----- Provided entries -----

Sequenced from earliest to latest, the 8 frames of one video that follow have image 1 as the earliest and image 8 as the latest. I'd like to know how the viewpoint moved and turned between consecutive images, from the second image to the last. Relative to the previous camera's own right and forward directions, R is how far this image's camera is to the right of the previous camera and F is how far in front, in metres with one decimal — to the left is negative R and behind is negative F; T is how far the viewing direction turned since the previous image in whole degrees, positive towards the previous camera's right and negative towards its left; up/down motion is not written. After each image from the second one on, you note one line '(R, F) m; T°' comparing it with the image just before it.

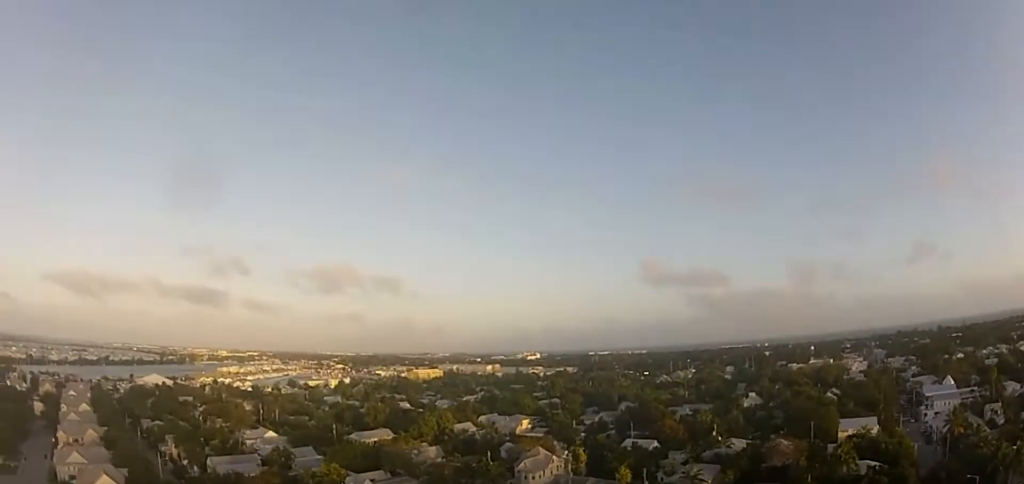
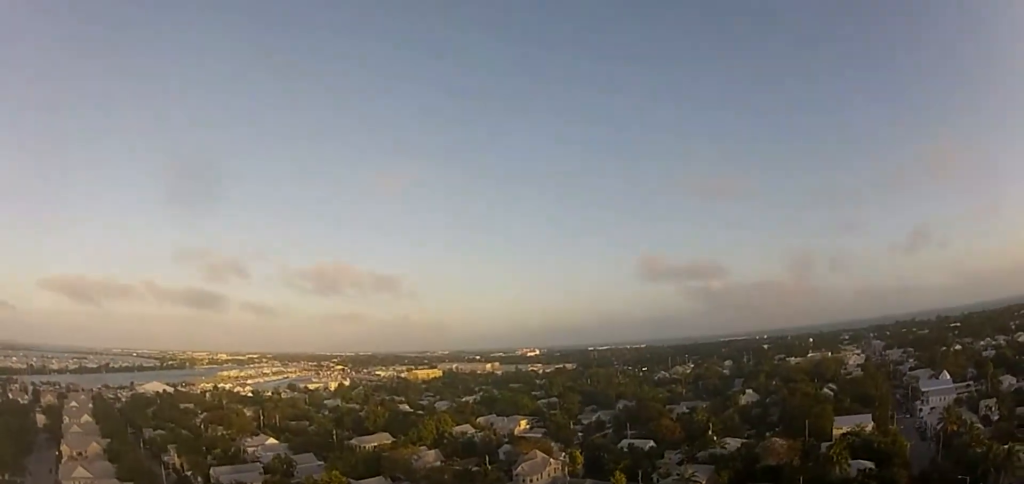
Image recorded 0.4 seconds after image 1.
(+0.1, +0.9) m; +5°
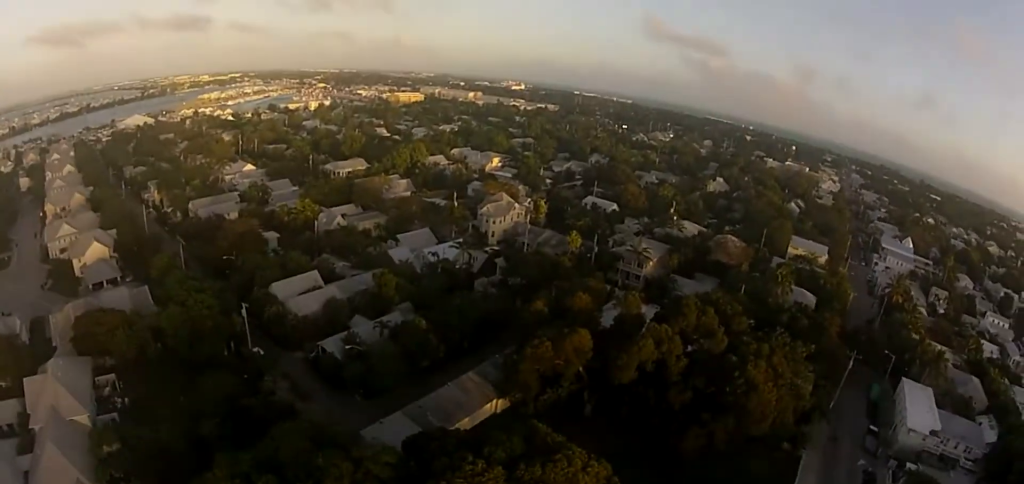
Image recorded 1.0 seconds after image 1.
(0.0, +1.0) m; +6°
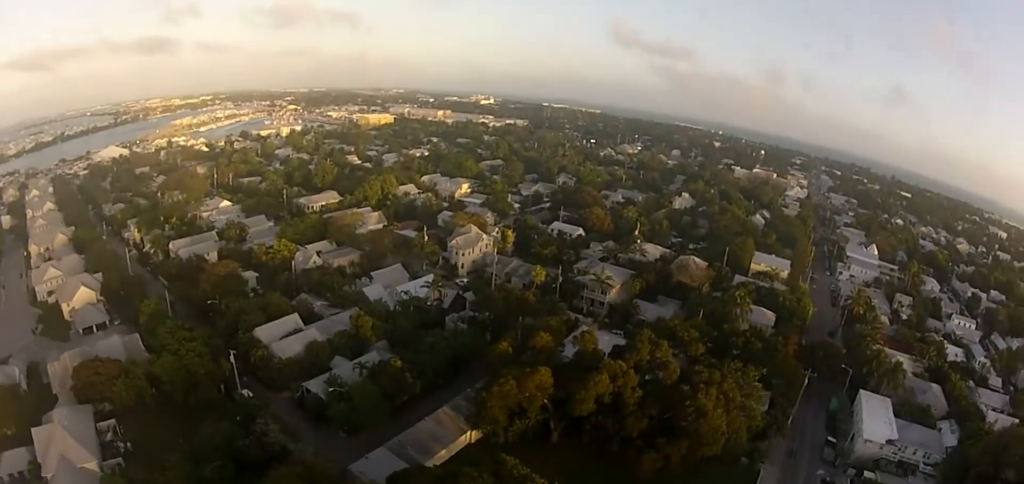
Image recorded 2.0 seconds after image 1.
(+0.2, +1.3) m; -1°
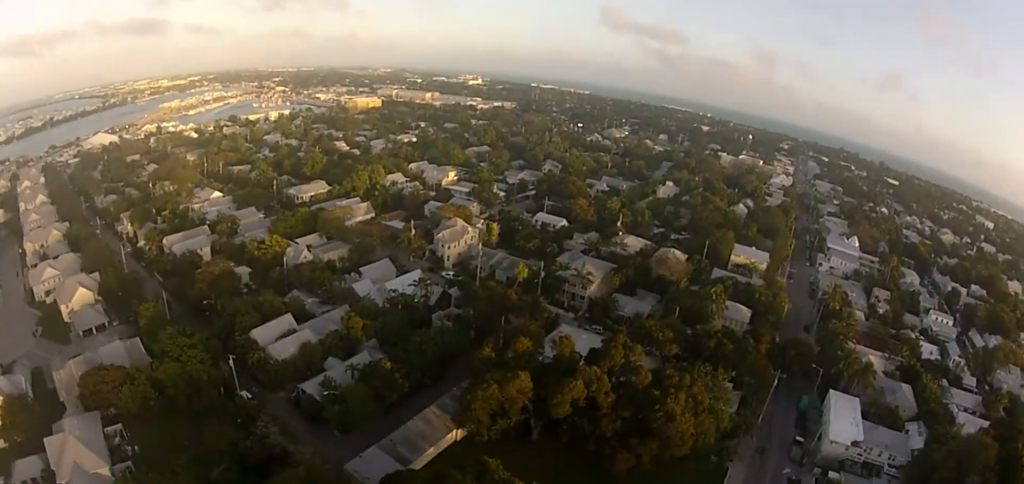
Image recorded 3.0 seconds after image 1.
(-0.3, +3.2) m; -8°
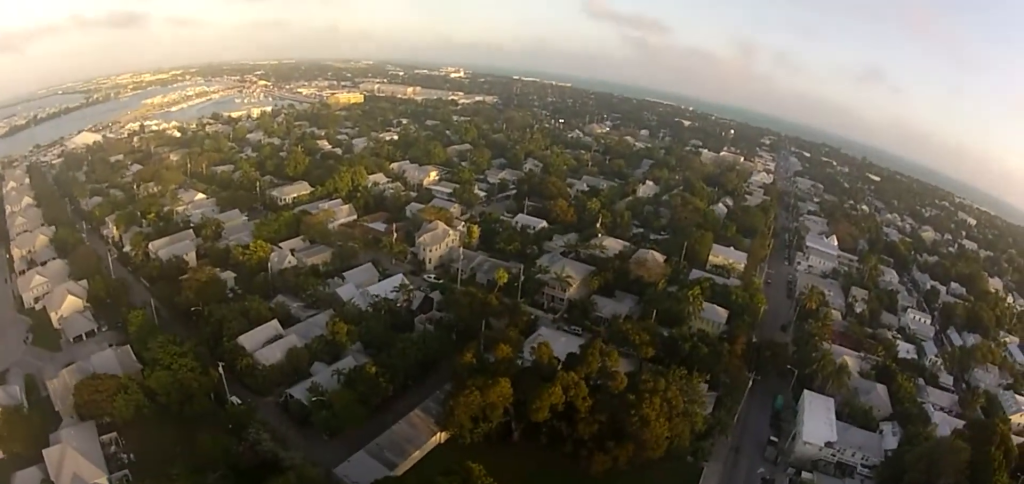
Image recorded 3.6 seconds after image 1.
(-0.1, +3.9) m; -1°
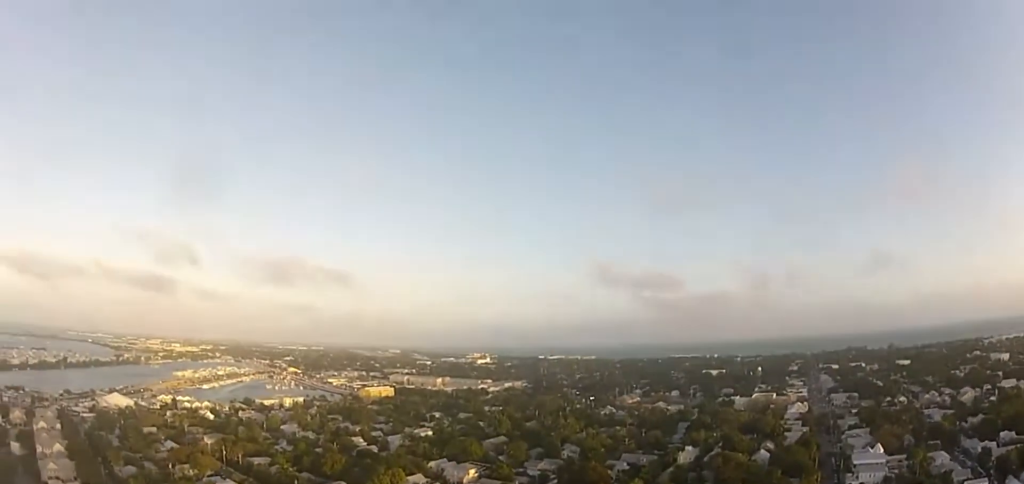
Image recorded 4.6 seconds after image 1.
(0.0, +6.4) m; +2°
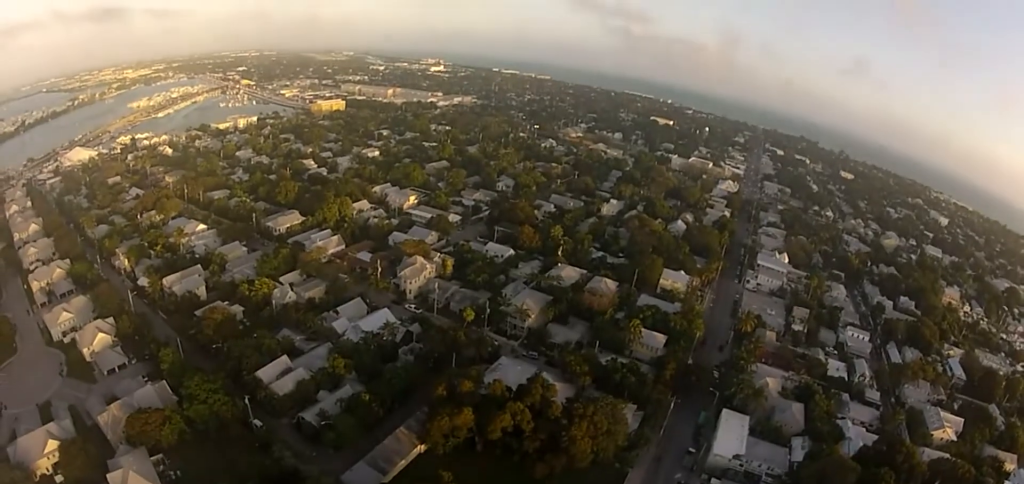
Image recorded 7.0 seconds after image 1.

-----

## Task brief
Your answer is an exact copy of the records above, stripped of pictures.

## Answer for this exercise
Sequenced from earliest to latest, the 8 frames of one video that follow have image 1 as the earliest and image 8 as the latest. I'd like to know how the viewpoint moved and turned between consecutive images, from the second image to the last. Relative to the previous camera's own right and forward directions, R is how far this image's camera is to the right of the previous camera and F is how far in front, in metres with one decimal — to the left is negative R and behind is negative F; T is how far the viewing direction turned since the previous image in whole degrees, positive towards the previous camera's right and negative towards its left; up/down motion is not written. After each image from the second one on, you note one line '(R, F) m; T°' comparing it with the image just before it.

Image recorded 0.4 seconds after image 1.
(+0.1, +0.9) m; +5°
Image recorded 1.0 seconds after image 1.
(0.0, +1.0) m; +6°
Image recorded 2.0 seconds after image 1.
(+0.2, +1.3) m; -1°
Image recorded 3.0 seconds after image 1.
(-0.3, +3.2) m; -8°
Image recorded 3.6 seconds after image 1.
(-0.1, +3.9) m; -1°
Image recorded 4.6 seconds after image 1.
(0.0, +6.4) m; +2°
Image recorded 7.0 seconds after image 1.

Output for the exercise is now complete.